▸ **WORK TO COMPLETE**: One number is the expected answer: the count of lines in the material below containing the word "viewBox".

▸ **SUPPLIED INFORMATION**:

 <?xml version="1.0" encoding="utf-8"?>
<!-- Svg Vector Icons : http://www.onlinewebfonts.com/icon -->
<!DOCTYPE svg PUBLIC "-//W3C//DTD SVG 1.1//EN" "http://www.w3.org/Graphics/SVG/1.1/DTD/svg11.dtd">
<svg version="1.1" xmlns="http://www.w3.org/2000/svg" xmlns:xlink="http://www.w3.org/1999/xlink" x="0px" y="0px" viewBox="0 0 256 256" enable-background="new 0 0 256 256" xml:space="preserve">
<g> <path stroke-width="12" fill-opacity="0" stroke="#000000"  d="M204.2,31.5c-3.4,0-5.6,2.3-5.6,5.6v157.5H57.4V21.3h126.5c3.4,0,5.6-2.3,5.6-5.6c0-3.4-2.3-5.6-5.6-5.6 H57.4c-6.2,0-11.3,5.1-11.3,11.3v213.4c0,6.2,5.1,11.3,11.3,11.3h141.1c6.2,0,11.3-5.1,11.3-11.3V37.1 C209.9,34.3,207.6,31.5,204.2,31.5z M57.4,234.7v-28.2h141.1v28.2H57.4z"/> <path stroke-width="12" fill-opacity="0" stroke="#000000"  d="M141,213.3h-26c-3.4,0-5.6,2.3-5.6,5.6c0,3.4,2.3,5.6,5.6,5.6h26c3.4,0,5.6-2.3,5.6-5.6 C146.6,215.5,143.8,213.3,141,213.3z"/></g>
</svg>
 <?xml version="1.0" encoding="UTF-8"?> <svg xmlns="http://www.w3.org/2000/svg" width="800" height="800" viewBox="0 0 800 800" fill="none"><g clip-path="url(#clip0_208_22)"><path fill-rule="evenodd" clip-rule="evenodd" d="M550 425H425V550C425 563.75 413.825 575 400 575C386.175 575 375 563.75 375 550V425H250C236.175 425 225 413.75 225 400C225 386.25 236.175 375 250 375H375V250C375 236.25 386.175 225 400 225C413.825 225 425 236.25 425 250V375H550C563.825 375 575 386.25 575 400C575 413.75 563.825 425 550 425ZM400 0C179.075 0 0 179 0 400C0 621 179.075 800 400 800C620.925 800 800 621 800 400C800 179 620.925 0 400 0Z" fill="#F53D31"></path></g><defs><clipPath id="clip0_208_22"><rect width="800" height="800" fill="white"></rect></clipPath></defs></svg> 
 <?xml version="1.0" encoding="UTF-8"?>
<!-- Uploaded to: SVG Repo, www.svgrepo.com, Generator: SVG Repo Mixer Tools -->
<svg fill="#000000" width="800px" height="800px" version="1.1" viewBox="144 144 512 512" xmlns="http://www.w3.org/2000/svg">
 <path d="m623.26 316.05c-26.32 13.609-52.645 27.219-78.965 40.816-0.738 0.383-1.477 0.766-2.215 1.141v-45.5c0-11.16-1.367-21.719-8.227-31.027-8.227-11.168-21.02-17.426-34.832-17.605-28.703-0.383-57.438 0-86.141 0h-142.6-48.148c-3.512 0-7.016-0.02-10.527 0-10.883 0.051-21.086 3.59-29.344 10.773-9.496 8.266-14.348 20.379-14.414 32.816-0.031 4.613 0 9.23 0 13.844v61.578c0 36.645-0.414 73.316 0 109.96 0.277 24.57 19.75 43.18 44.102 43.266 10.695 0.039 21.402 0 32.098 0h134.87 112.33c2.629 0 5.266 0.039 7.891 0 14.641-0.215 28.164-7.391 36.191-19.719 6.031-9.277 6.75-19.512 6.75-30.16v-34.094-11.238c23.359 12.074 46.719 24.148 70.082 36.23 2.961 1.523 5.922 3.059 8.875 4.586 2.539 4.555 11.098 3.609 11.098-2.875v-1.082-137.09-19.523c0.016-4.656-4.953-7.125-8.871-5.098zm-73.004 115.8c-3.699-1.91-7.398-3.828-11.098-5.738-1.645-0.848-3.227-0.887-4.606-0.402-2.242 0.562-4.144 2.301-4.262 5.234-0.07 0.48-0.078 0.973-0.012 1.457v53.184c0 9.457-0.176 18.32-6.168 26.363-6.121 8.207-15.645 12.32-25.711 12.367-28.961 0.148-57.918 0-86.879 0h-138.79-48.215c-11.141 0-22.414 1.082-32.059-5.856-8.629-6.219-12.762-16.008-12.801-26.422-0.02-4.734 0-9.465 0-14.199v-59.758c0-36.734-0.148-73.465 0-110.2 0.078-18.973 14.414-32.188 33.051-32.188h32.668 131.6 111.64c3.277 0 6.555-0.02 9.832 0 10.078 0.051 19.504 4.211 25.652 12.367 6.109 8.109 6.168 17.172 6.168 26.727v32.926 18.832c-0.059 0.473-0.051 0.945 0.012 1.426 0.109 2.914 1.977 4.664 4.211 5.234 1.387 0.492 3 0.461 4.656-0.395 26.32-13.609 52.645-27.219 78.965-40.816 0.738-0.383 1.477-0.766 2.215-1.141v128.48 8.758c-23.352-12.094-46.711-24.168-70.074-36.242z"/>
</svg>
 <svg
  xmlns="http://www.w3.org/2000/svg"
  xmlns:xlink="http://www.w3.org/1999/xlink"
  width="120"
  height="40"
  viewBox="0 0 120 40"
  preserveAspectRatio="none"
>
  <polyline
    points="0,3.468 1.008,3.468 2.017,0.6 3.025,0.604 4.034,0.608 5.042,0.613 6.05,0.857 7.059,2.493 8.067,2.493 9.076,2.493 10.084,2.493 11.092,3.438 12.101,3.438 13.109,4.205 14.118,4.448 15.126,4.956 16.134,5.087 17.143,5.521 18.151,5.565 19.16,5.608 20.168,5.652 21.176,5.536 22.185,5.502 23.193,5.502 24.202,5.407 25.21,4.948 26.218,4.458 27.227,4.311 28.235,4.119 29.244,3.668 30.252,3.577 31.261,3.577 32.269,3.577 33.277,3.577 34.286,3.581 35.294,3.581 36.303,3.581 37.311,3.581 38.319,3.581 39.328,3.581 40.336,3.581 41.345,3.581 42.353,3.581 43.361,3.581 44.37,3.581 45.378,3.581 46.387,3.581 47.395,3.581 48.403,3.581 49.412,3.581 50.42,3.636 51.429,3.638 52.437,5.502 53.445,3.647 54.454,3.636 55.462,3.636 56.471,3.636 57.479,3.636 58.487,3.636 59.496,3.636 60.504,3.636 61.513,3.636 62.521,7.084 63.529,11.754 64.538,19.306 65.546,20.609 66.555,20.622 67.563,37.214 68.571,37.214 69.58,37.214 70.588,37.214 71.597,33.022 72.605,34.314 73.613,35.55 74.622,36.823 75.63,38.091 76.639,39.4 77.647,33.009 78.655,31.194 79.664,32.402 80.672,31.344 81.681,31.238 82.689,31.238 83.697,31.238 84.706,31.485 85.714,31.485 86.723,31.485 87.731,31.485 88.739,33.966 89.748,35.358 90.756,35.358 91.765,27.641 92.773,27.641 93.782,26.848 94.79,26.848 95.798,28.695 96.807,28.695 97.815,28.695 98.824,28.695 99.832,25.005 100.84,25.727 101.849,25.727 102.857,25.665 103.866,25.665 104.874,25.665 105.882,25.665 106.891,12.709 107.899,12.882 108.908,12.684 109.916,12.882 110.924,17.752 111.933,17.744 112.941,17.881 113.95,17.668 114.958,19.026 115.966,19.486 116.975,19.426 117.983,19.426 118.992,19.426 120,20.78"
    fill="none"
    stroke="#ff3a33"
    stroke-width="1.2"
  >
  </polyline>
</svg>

▸ **SOLUTION**: 4